# Another Garand completed



## Orlando (Apr 12, 2004)

Just finished up another Garand. I have been collecting parts for awhile
Had new old stock USGI barrel, bolt and gas cylinder installed on a HRA receiver. Bolt lapped, trigger work to 5lbs. 
I spent some time and reworked a Boyds commercial stock, should make a good shooter


----------



## ironman172 (Apr 12, 2009)

Very nice!! That wood looks good


----------



## pj4wd (Dec 9, 2009)

Looks nice.


----------



## C.Keith&Co (Aug 28, 2010)

Hey that really looks nice- I know what kind of work went into that- you really did a nice job !!!!


----------



## Sharp Charge (Jun 24, 2009)

Nice! I'll give ya $50 right now for it. lol


----------



## Minnowhead (Jan 12, 2011)

WOW! Great job!


----------



## Nikster (Mar 14, 2007)

A classic indeed! Super job. They are a ball to shoot.

Nik,


----------



## surffishn (Jan 20, 2010)

That is A work of art.It is simply the very nicest Garand i ever seen.


----------



## fallen513 (Jan 5, 2010)

Nice Orlando. Who'd you have do the smithing?


----------



## Orlando (Apr 12, 2004)

fallen513 said:


> Nice Orlando. Who'd you have do the smithing?
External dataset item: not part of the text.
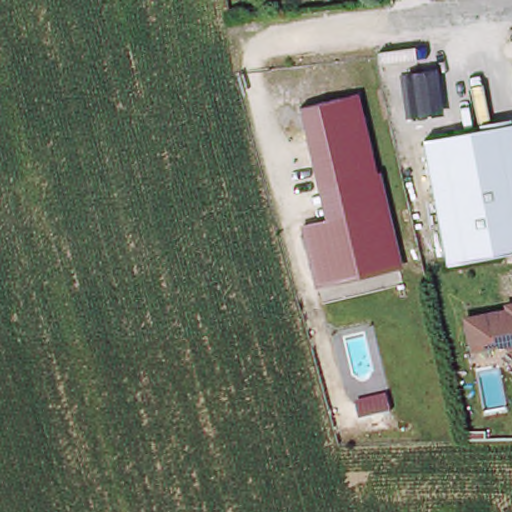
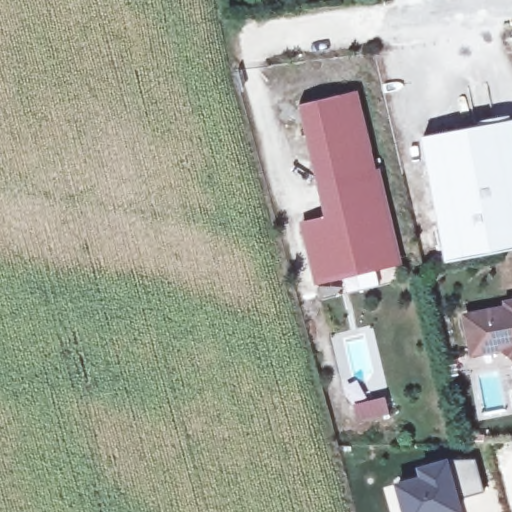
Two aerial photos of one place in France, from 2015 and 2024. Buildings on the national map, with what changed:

I have used him several times before, always been very pleased with his work
http://shuffsparkerizing.com/


----------



## fallen513 (Jan 5, 2010)

Sweet. Ballpark price for total project? Mine always start out reasonable and then get expensive. I would consider building a Garand vs. buying one if I felt the savings were worth it. We have a few in the family collection but nothing I am taking out shooting.


----------



## Jigging Jim (Apr 3, 2010)

She's too pretty to shoot... Congratulations!


----------



## Orlando (Apr 12, 2004)

fallen513 said:


> Sweet. Ballpark price for total project? Mine always start out reasonable and then get expensive. I would consider building a Garand vs. buying one if I felt the savings were worth it. We have a few in the family collection but nothing I am taking out shooting.
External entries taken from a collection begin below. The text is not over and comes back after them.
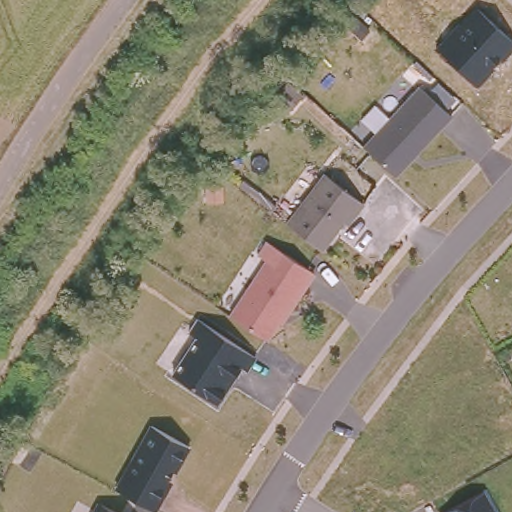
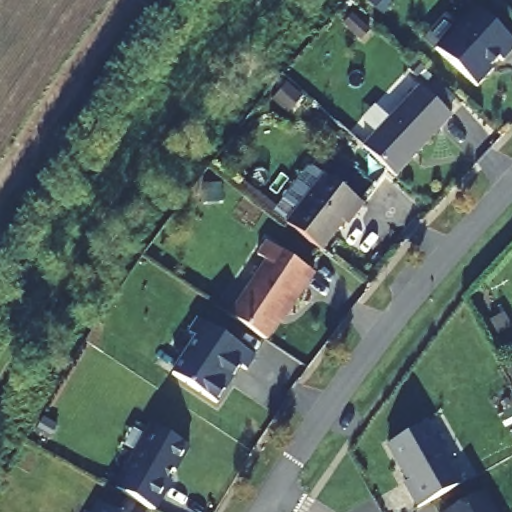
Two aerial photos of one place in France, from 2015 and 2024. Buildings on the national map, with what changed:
unchanged [(430,46),(473,2),(512,40),(512,48),(474,86),(430,46)]
unchanged [(452,116),(418,153),(415,151),(409,159),(411,160),(395,177),(363,147),(420,86),(452,116)]
unchanged [(363,205),(351,220),(347,217),(320,251),(320,250),(286,225),(325,175),(363,205)]
unchanged [(225,312),(259,261),(248,255),(259,237),(313,273),(267,342),(225,312)]
unchanged [(165,367),(196,318),(255,358),(245,373),(236,368),(215,402),(165,367)]
new [(432,424),(465,487),(433,503),(418,508),(388,443),(432,424)]
unchanged [(107,486),(141,425),(186,450),(151,510),(107,486)]
unchanged [(472,482),(491,512),(438,512),(433,503),(472,482)]
unchanged [(118,512),(91,512),(98,500),(118,512)]

There is no savings in building over buying . 
Dont really know what I have in it. I have boxes full of parts that I swap/deal in.
I do know that its alot cheaper to buy a complete rifle than to build one.
Get a Service Grade or better
http://www.thecmp.org/m1garand.htm


----------



## leupy (Feb 12, 2007)

Another part of history, Gen. Patten said it was the most important weapon in WW2.


----------



## fallen513 (Jan 5, 2010)

Orlando said:


> There is no savings in building over buying .
> Dont really know what I have in it. I have boxes full of parts that I swap/deal in.
> I do know that its alot cheaper to buy a complete rifle than to build one.
> Get a Service Grade or better
> http://www.thecmp.org/m1garand.htm



I've saved money building ARs vs. buying completes. Quite a bit actually.
I've also spent 5x the amount a complete costs on a custom... which is much more the norm. 



Thanks for the link. My uncle has a collector grade, all original/matching serial Garand from the Korean war I believe. Sweet machine!


----------



## Orlando (Apr 12, 2004)

Building a AR is completely different than building a Garand.
When you assemble your own AR you dont pay the Tax that manufactures pay.
Start pricing out Garand parts and you will see how quickly it adds up.
Approx $200.00 - $225.00 for a receiver, $90.00 for a Op Rod, $200.00 for a NOS USGI barrel, (less for a commercial barrel) $150.00 for a commercial stock with metal, $70.00 for rear sights, $60.00 gas cylinder ,$75.00 for a bolt ,$100.00 for a trigger assembly and you still need assorted small parts,then add in gunsmithing charges and reparkerizing if needed
If you want to install,finish ream and headspace the barrel yourself you have to add in the price of tools.
It gets very pricy considering you can buy a good Garand from CMP for $600.00 plus tax
I have had a few built because I have a stock pile of parts.


----------



## fallen513 (Jan 5, 2010)

Yeah I figured that was case. Wasn't arguing, just lettin' you know where I got the idea. 

I'll have to keep my eyes out for a service grade or better!


----------



## Orlando (Apr 12, 2004)

fallen513 said:


> Yeah I figured that was case. Wasn't arguing, just lettin' you know where I got the idea.
> 
> I'll have to keep my eyes out for a service grade or better!


Order one from CMP, If you need help PM me


----------